If research is needed by the business development and marketing team but the actual work is conducted by the knowledge management team, make sure your team members explain the why behind the data request instead of just asking for bits of information. In other words, the purpose of what you are trying to achieve with the data you are seeking. This will enable those gathering and synthesizing the data to give you a better work product.

When thinking about staffing, map out the data steps and then think about who would be best to work on the project. These steps include gathering the data, storing it, processing/analyzing it, pulling out the insights from the data and then finally presenting the data. If you find you need additional help that your firm is not currently equipped to handle, outsource the projects.

Finally, set up a process with a simple online intake form to streamline, track and manage data requests. Tracking past data requests in a central place can also improve your efficiency for future similar queries.

Collecting data. You have the systems and team in place but how are you going to collect the data you need for the specific project? First, start by identifying the questions that you want your data to answer. Would qualitative or quantitative data be helpful? A combination of the two? You may want to set up a survey to send out via email and social media as well, especially if you are creating a white paper or research report and want to include timely voices and opinions as part of your narrative. You can then start to shape the narrative of your project based on the raw data.

How to synthesize and present your data. The next step is how to turn your raw data into insights while ensuring you present it in a way that effectively engages and persuades your target audience. This involves knowing your audience and how they would best respond to the information at hand. Do written reports resonate with them? PowerPoints with charts and graphs? Or are they more captivated by storytelling? Always think about how to best convey the information you have or all the work you put into researching and creating your insights can fall flat.

How to maintain the accuracy of your data moving forward. Now that you’ve spent all this time and effort getting your data in good shape and figuring out the data you need, it’s crucial to ensure you have the right tools and processes to maintain your data and make it actionable. Decide the cadence of reporting certain data and assign stakeholders responsible for the process. Create easy-to-update templates so you don’t have to reinvent the wheel each time when synthesizing the data and so you can easily benchmark each report against the others.

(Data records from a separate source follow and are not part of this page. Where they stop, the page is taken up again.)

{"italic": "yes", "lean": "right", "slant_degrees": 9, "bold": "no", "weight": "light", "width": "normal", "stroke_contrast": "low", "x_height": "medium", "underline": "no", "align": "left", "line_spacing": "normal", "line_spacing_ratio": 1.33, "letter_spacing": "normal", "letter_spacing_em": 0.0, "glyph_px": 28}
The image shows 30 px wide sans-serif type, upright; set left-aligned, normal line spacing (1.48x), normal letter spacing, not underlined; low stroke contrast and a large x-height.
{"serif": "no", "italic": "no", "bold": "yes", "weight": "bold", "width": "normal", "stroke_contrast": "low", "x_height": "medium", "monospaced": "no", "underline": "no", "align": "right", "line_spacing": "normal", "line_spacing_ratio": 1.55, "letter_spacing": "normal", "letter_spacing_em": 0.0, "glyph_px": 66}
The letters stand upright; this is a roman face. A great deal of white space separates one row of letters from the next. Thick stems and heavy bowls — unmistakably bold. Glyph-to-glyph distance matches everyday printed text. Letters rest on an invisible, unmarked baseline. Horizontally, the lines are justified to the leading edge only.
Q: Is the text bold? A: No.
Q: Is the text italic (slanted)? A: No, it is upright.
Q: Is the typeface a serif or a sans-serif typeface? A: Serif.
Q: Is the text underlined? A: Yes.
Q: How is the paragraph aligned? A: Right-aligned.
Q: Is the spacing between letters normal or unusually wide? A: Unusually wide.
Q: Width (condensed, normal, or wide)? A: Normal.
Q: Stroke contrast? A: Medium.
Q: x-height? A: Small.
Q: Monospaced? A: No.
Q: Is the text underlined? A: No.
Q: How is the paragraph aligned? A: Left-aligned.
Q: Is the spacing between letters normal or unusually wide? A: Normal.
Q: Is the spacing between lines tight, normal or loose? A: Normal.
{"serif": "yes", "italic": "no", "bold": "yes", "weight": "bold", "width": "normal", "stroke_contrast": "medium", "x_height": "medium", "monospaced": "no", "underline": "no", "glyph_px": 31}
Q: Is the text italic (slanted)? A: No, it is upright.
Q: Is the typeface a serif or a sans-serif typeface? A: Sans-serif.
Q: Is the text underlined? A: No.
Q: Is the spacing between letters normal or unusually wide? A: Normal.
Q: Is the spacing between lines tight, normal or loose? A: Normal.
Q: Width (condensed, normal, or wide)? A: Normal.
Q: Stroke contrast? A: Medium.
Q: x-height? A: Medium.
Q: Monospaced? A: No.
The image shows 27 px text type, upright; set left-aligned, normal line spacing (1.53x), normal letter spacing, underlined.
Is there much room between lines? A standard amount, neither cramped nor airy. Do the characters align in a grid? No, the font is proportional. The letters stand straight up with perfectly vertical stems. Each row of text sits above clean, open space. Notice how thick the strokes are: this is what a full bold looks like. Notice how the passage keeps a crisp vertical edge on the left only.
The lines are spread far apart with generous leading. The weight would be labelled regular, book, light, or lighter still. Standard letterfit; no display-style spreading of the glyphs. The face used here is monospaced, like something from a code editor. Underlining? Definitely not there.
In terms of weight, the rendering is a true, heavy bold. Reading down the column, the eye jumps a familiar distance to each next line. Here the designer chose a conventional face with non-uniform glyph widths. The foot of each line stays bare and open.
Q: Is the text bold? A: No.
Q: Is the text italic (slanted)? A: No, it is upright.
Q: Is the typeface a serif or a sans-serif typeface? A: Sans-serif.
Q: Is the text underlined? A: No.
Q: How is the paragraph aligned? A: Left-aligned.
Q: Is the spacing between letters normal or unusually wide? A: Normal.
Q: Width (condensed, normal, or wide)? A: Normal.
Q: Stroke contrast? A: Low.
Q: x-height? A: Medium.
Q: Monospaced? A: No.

When it comes to people data, your Client Relationship Management (CRM) system not only helps with managing contacts, but when fully deployed and utilized, it can also improve client service, streamline your lead generation process, and uncover hidden relationships. Of course, the key to having a successful CRM system is participation by key stakeholders and having updated data. Take the time to ensure your contacts are regularly updated and segmented. If you find this task to be too much to manage internally, you can outsource it.

In Summary

There is no shortage of data available to law firms and legal service organizations today. The key is to be strategic about collecting it, updating it, synthesizing it and sharing it. Those organizations that view data as a strategic asset and develop robust data and analytics strategies are the ones that will have strategic advantage in today’s competitive legal market.